- **Task item**
Return the lines of the data below starting at the one holding "प्रिफेसर पुस्तक के बारे में" and ending at the one holding "angin ya senang senang kan J boleh", word for word, leaving every picture out.

- **Supplied entries**
= = = = = = =

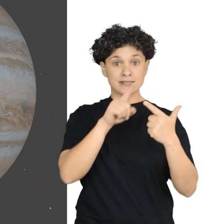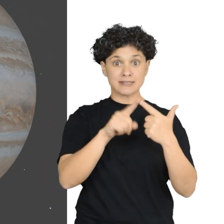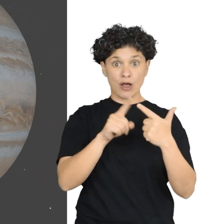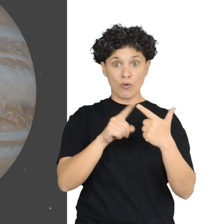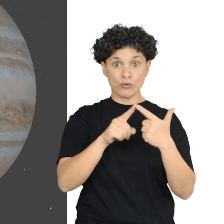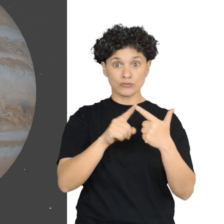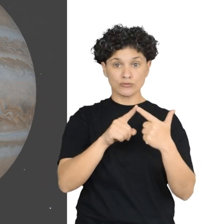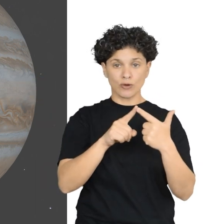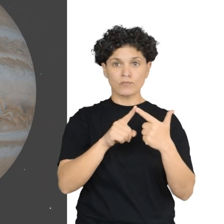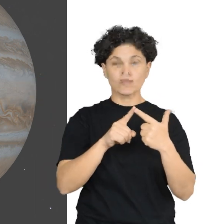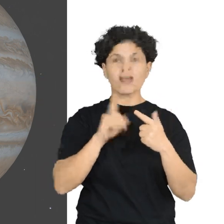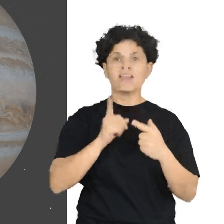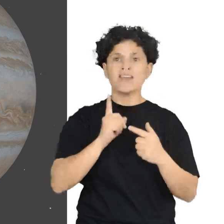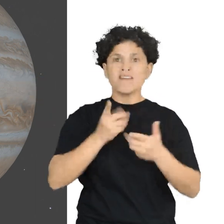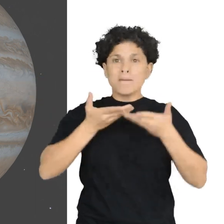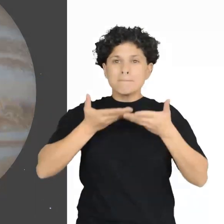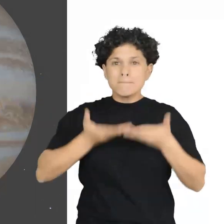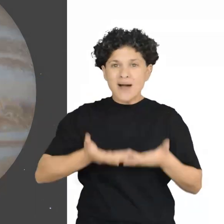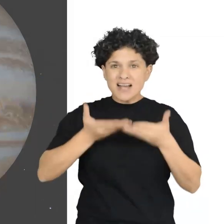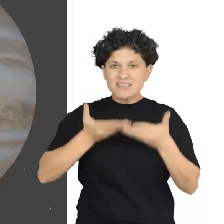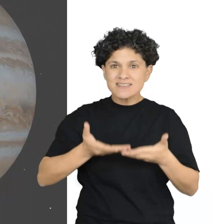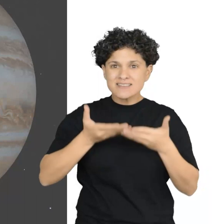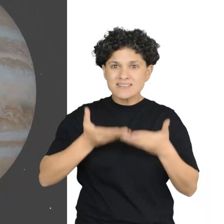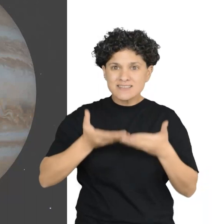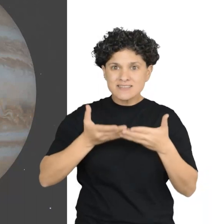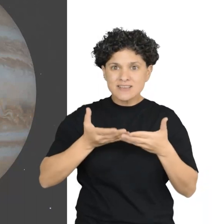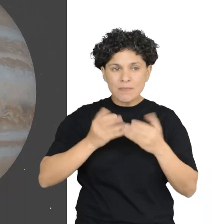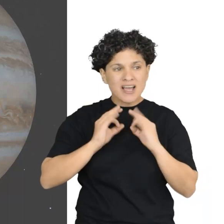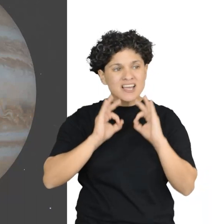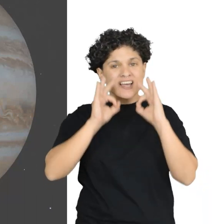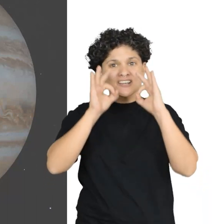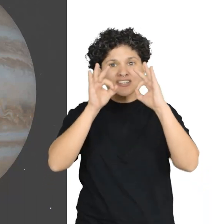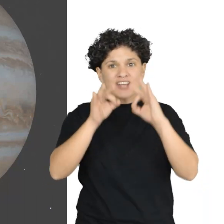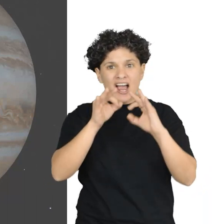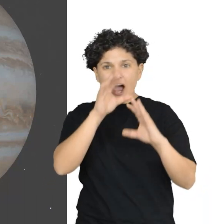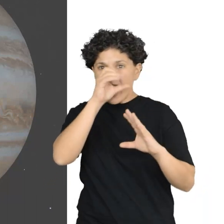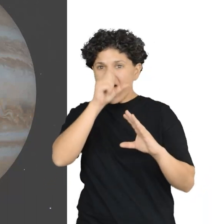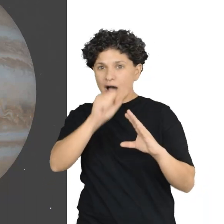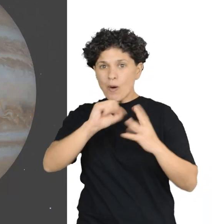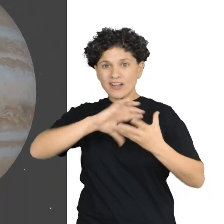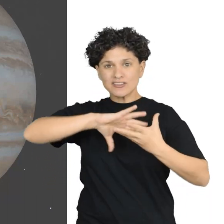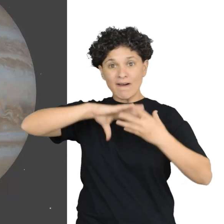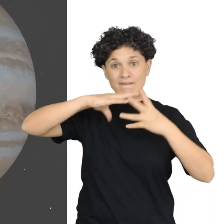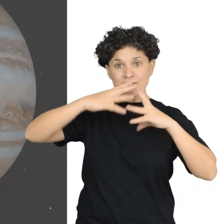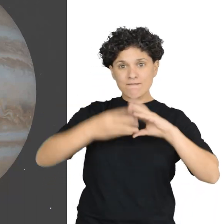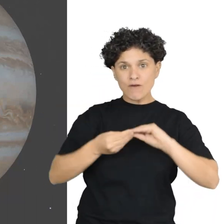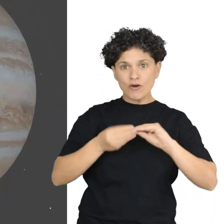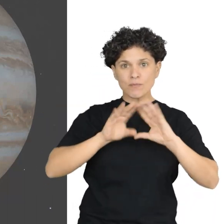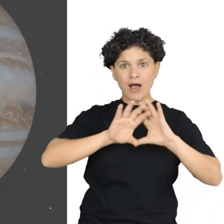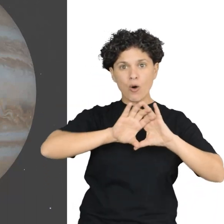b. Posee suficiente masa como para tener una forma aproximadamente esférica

= = = = = = =

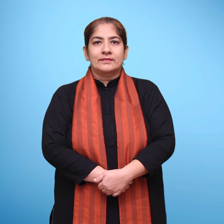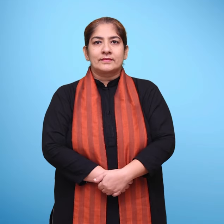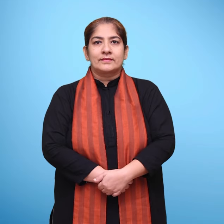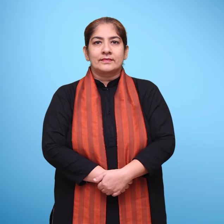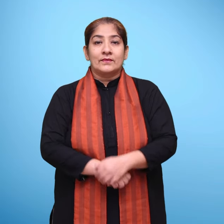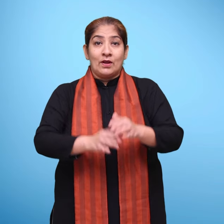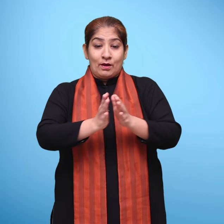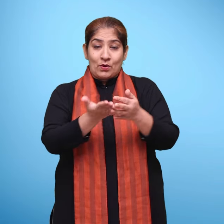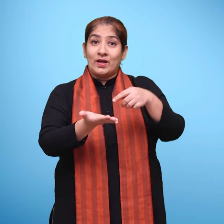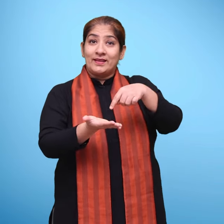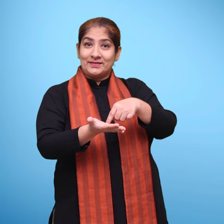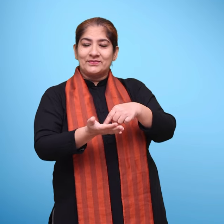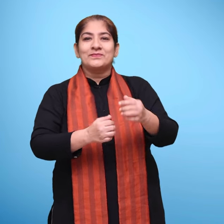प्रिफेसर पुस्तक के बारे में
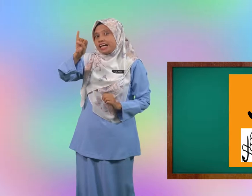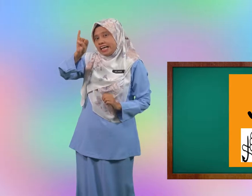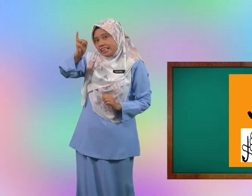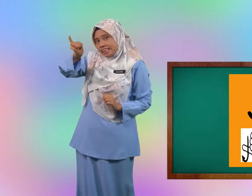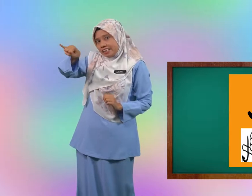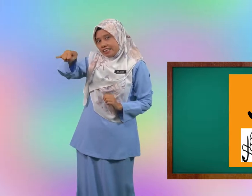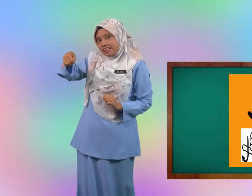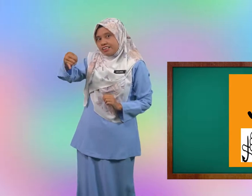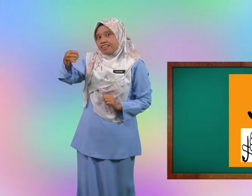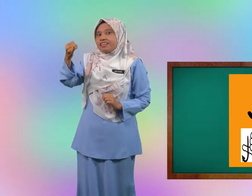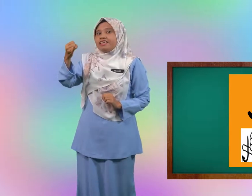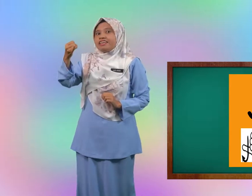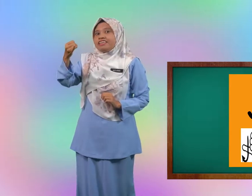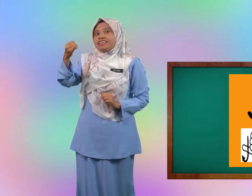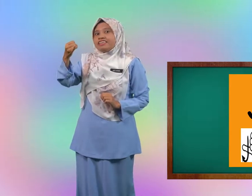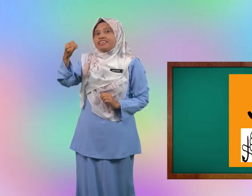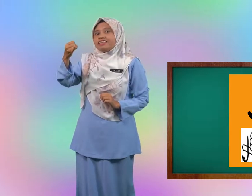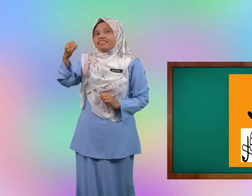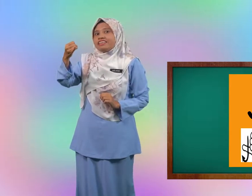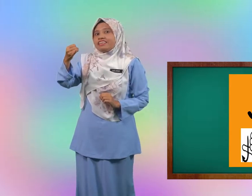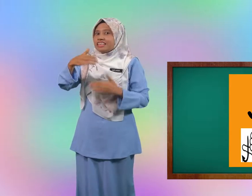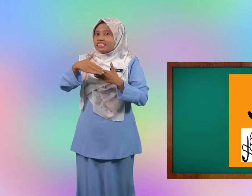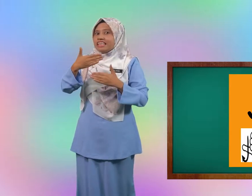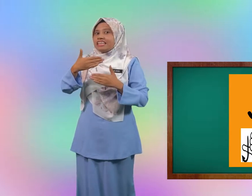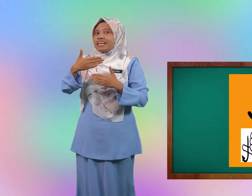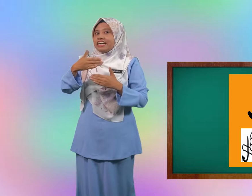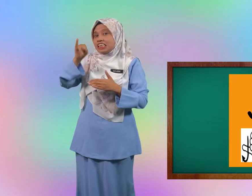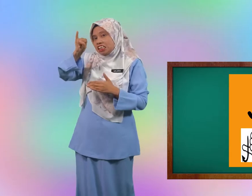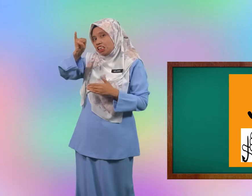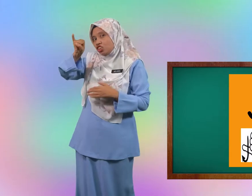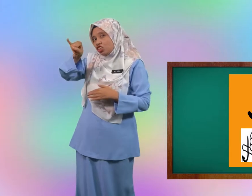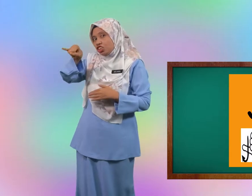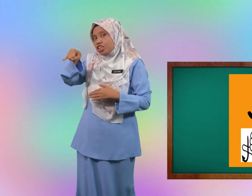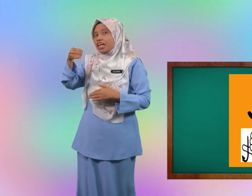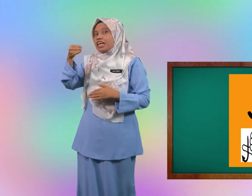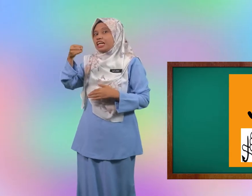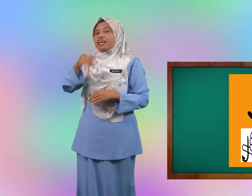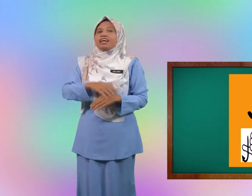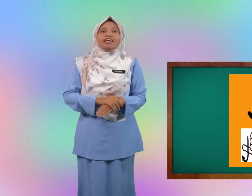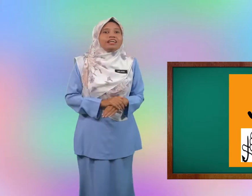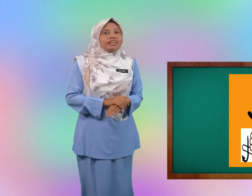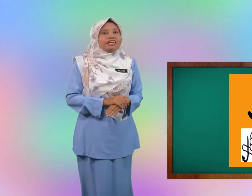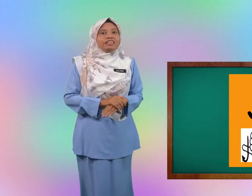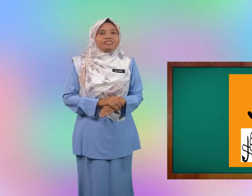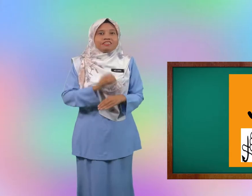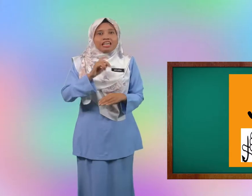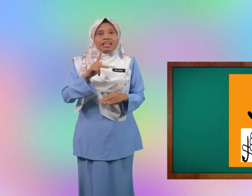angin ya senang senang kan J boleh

= = = = = = =

- **Output for this task**
प्रिफेसर पुस्तक के बारे में
angin ya senang senang kan J boleh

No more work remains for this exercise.